Together, these monitoring activities constitute one of the
longest monitoring programs of a coral reef anywhere in the
world.
Over the years, these monitoring activities have changed only
slightly in number and scope. Today these monitoring activities
include the following:
East and West Flower Garden Banks: Repetitive photo stations
show growth,
loss of tissue, coral cover and incidents of
bleaching and disease
Repetitive close-up stations examine the
advance or retreat of colonies of Diploria
strigosa (a species of brain coral)
10-meter random photo transects show
percent cover, species diversity, frequency
of occurrence and dominance of benthic
species
Fish surveys determine species, abundance, and size of fish
traveling within a certain distance of the surveyor over a
specified period of time
Stetson Bank:
Repetitive photo stations show growth,
loss of tissue, coral cover and incidents of
bleaching and disease
10-meter transects show percent cover,
species diversity, frequency of occurrence
http://flowergarden.noaa.gov
and dominance
Repetitive photo stations are the biggest part of these
monitoring programs. The purpose of these stations is to capture
the same photo at the same place every year, for comparison.

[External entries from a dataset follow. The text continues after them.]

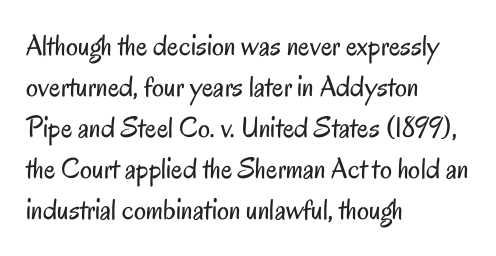
{"serif": "no", "italic": "no", "bold": "no", "weight": "regular", "width": "condensed", "stroke_contrast": "low", "x_height": "small", "monospaced": "no", "underline": "no", "align": "left", "line_spacing": "normal", "line_spacing_ratio": 1.37, "letter_spacing": "normal", "letter_spacing_em": 0.0, "glyph_px": 30}
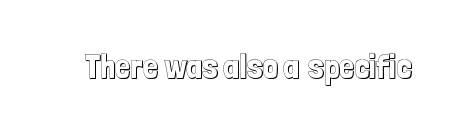
{"italic": "no", "width": "condensed", "x_height": "medium", "monospaced": "no", "underline": "no", "letter_spacing": "normal", "letter_spacing_em": 0.0, "glyph_px": 33}
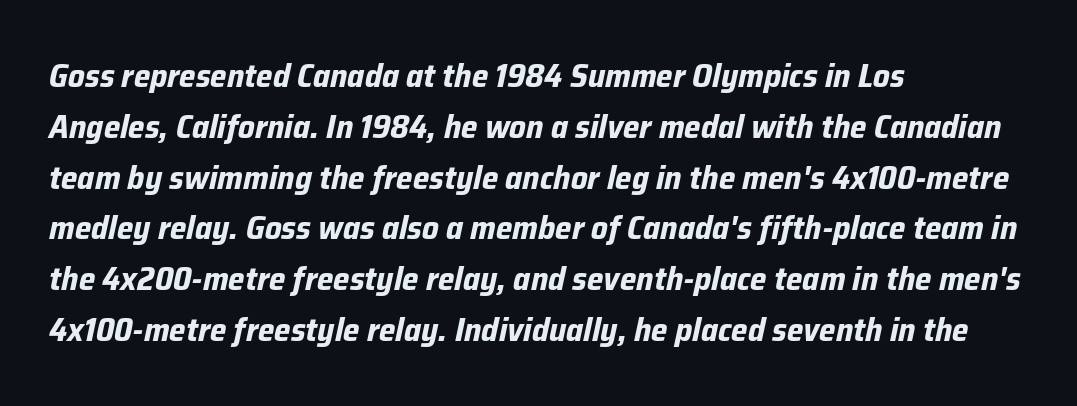
The text carries the slant typical of an italic or oblique font. The vertical gap from one line to the next is medium. Is the block centered? No — it sits flush against the left margin. The string is rendered with underlining switched off.
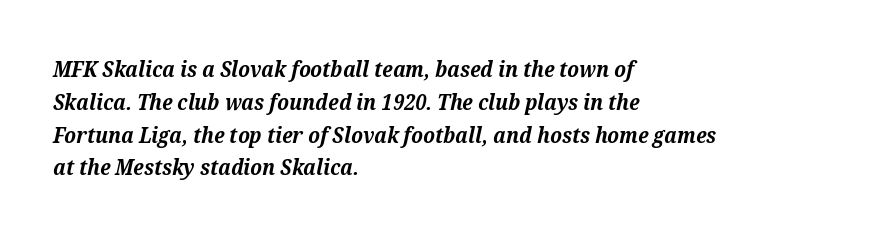
Q: Is the text bold? A: Yes.
Q: Is the text italic (slanted)? A: Yes, it leans right by about 12 degrees.
Q: Is the text underlined? A: No.
Q: How is the paragraph aligned? A: Left-aligned.
Q: Is the spacing between letters normal or unusually wide? A: Normal.
Q: Is the spacing between lines tight, normal or loose? A: Normal.
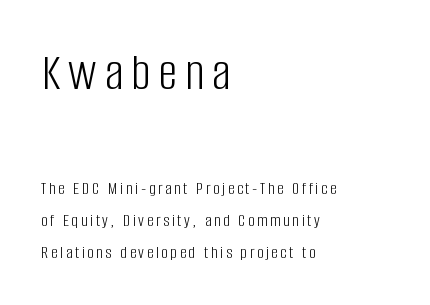
The zone under the glyphs is completely vacant. Visually the block forms a straight wall on the left and a jagged coastline on the right. Stem width sits at or under what a default text font uses. This sample has the flowing, uneven cadence of proportional lettering. Character size in the leading block exceeds that of the trailing block.
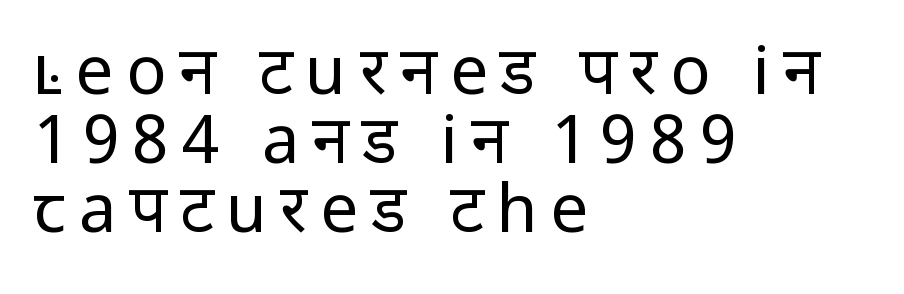
{"serif": "no", "italic": "no", "bold": "no", "weight": "regular", "width": "normal", "stroke_contrast": "low", "x_height": "medium", "monospaced": "no", "underline": "no", "align": "left", "line_spacing": "tight", "line_spacing_ratio": 1.03, "glyph_px": 67}
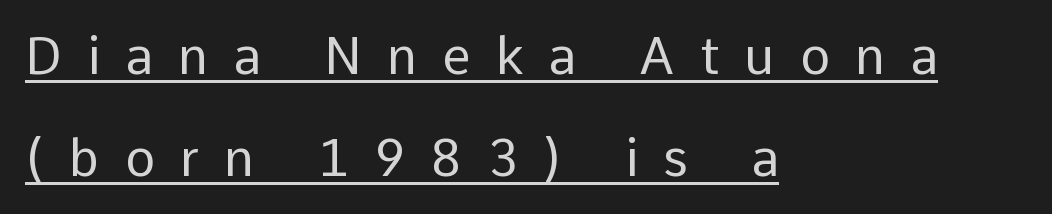
In terms of letterform style, serifs are entirely absent. Nothing heavy about these letters — not bold at all. Notice how a bar underscores the lettering throughout. The passage shown is typed in a proportional face where columns would drift. If you drew a line through each stem, it would be perfectly vertical.
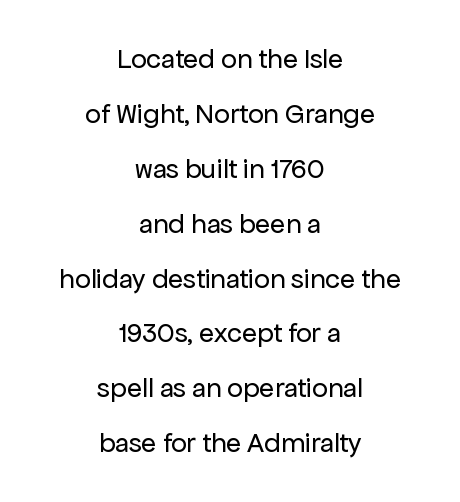
Note the varied advance widths — an 'i' is clearly narrower than an 'm'. A bare baseline throughout the passage. Is there any slant? The stems are plumb. The rendering positions every line midway between the sides.
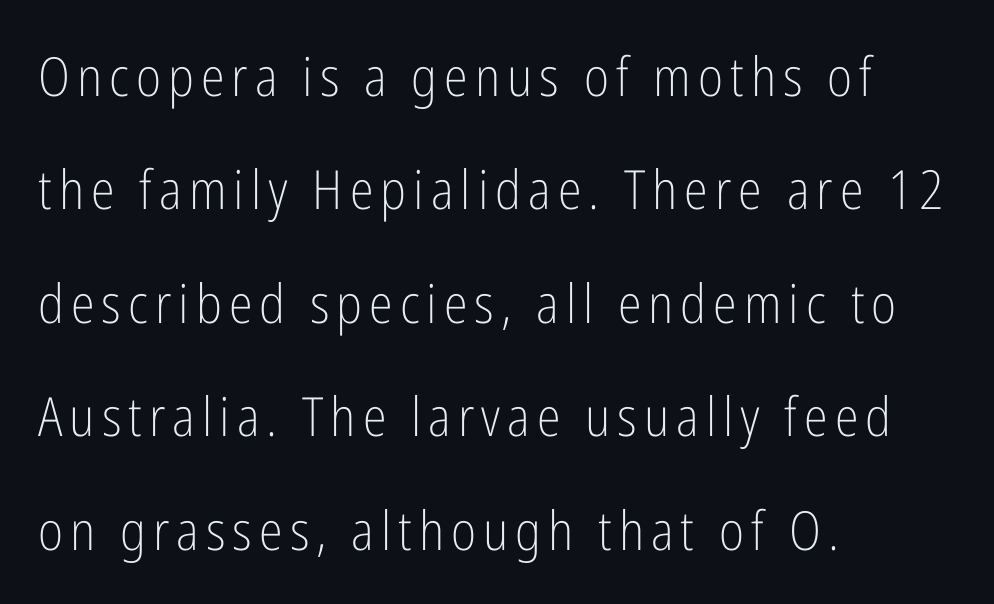
Nope, not italic — everything's standing straight. You can tell from the bare stems that sans-serif type was used. The space between consecutive lines is lavish. Stroke mass is kept to a normal reading level or below. Is this a fixed-width face? No — the glyphs have proportional, varying widths.
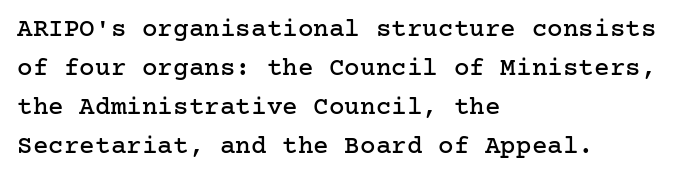
Q: Is the text italic (slanted)? A: No, it is upright.
Q: Is the text underlined? A: No.
Q: How is the paragraph aligned? A: Left-aligned.
Q: Is the spacing between letters normal or unusually wide? A: Normal.
Q: Is the spacing between lines tight, normal or loose? A: Normal.
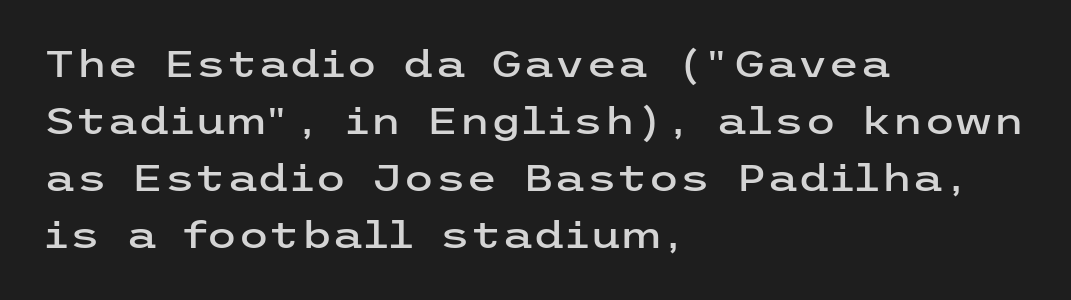
The image shows 36 px wide sans-serif type, upright; set left-aligned, normal line spacing (1.58x), normal letter spacing, not underlined; low stroke contrast and a medium x-height.
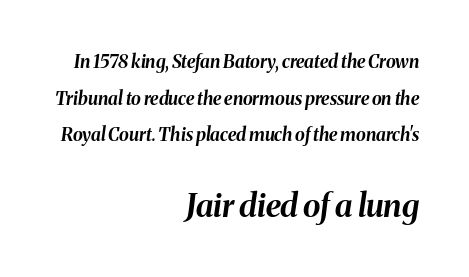
Q: Is the text bold? A: Yes.
Q: Is the text italic (slanted)? A: Yes, it leans right by about 8 degrees.
Q: Is the text underlined? A: No.
Q: How is the paragraph aligned? A: Right-aligned.
Q: Is the spacing between letters normal or unusually wide? A: Normal.
Q: Is the spacing between lines tight, normal or loose? A: Loose.
Q: Which block of text is set in a larger size, the first (top) or the second (bottom)? A: The second (bottom) one.
Q: Width (condensed, normal, or wide)? A: Normal.
Q: Stroke contrast? A: Medium.
Q: x-height? A: Medium.
Q: Monospaced? A: No.
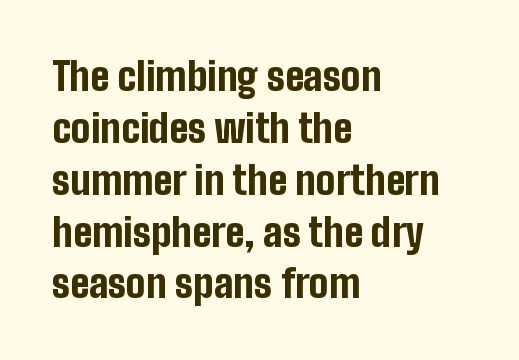
The image shows 39 px bold, condensed sans-serif type, upright; set left-aligned, normal line spacing (1.33x), normal letter spacing, not underlined; low stroke contrast and a medium x-height.
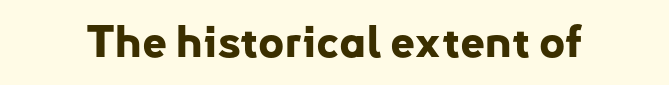
{"serif": "no", "italic": "no", "bold": "yes", "weight": "bold", "width": "normal", "stroke_contrast": "low", "x_height": "small", "monospaced": "no", "underline": "no", "letter_spacing": "normal", "letter_spacing_em": 0.0, "glyph_px": 44}
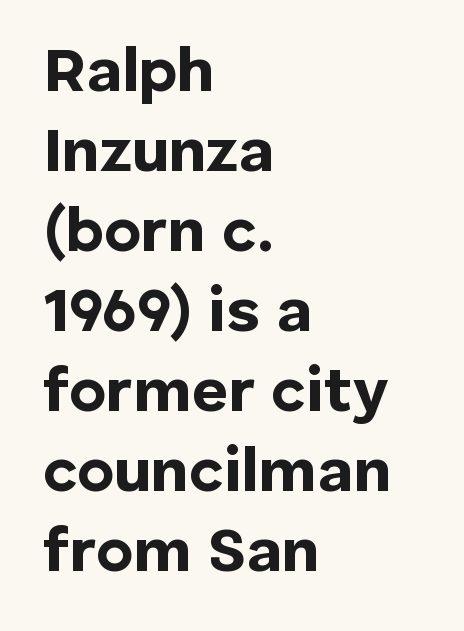
Character widths vary here, with narrow letters taking less room than wide ones. The area under the type is left untouched. Check where the strokes stop: nothing finishes them off — pure sans. Ordinary non-slanted type is in use.
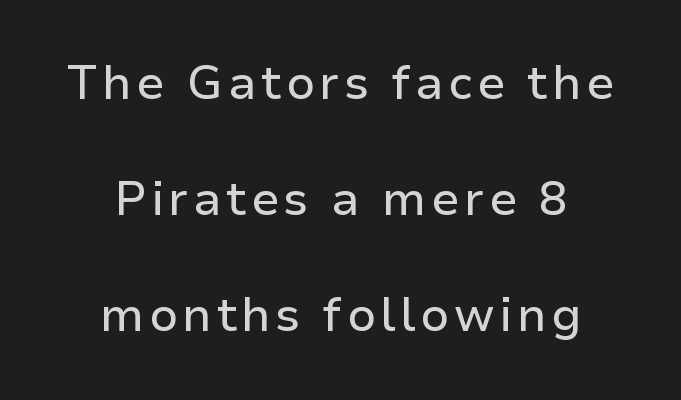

Stations are marked by metal eyebolts embedded in the reef, with
number or letter tags attached (cattle ear tags). This seems to be
the best way to establish a permanent marker with little impact to
the reef itself.
To make the photos the same every year, researchers mount the
camera on a special T-frame. The camera is positioned in the middle
of the crossbar at the top of the T with the lens facing down
toward the ground. A compass, a level, and camera flashes are also
mounted on the crossbar.
The base of the T-frame is placed at the pin location. The frame
is rotated until it is facing north and the level is used to make
sure the camera is perpendicular to the sea floor. Then, the
picture is taken. This system allows the camera to capture the
exact same area in the image every year.
Monitoring Procedures Since each diver participating in the
research effort has a limited amount of time he or she can stay
underwater, due to the limitations of scuba diving, work is
conducted in shifts. Each dive team has a specific task to
accomplish so that the next shifts will be able to make the most of
their bottom time (time under water).
A typical monitoring expedition goes something like this:
Shift 1: Lay measuring tapes (transects) on the bottom starting
at buoy moorings and swimming out on predetermined compass headings
for specific distances.
Shift 2: Locate monitoring pins using tape transects and
underwater maps for reference. The maps show distances and compass
headings from the tapes to pin locations. Relative location of one
pin to another is also noted. Even so, the pins are often difficult
to find thanks to continuous algae growth.
Scrape algae and other growth off pin tags as
they are located so numbers can be seen. Mark pins with weighted
lengths of white plastic chains (18). The chains float up into the
water so the pin locations can be seen from much farther away.
Shift 3: Take photos at all of the marked pins, documenting the
order in which they are taken and how many are taken at each
location. The photographer can quickly move from one station to the
next by simply looking for the floating chain markers. Collect
chains as photos are taken.
Shift 4: Remove transect tapes.
Move boat to another study site, and repeat!
Monitoring Challenges Of course, no system is perfect! When this
system was first established we didnt have digital cameras, so film
cameras were used. This meant that the researchers were unable to
tell if their images were captured correctly until they returned to
shore and had their film developed.
In 2007, the camera malfunctioned during both East and West Bank
and Stetson Bank monitoring trips, resulting in no usable photos.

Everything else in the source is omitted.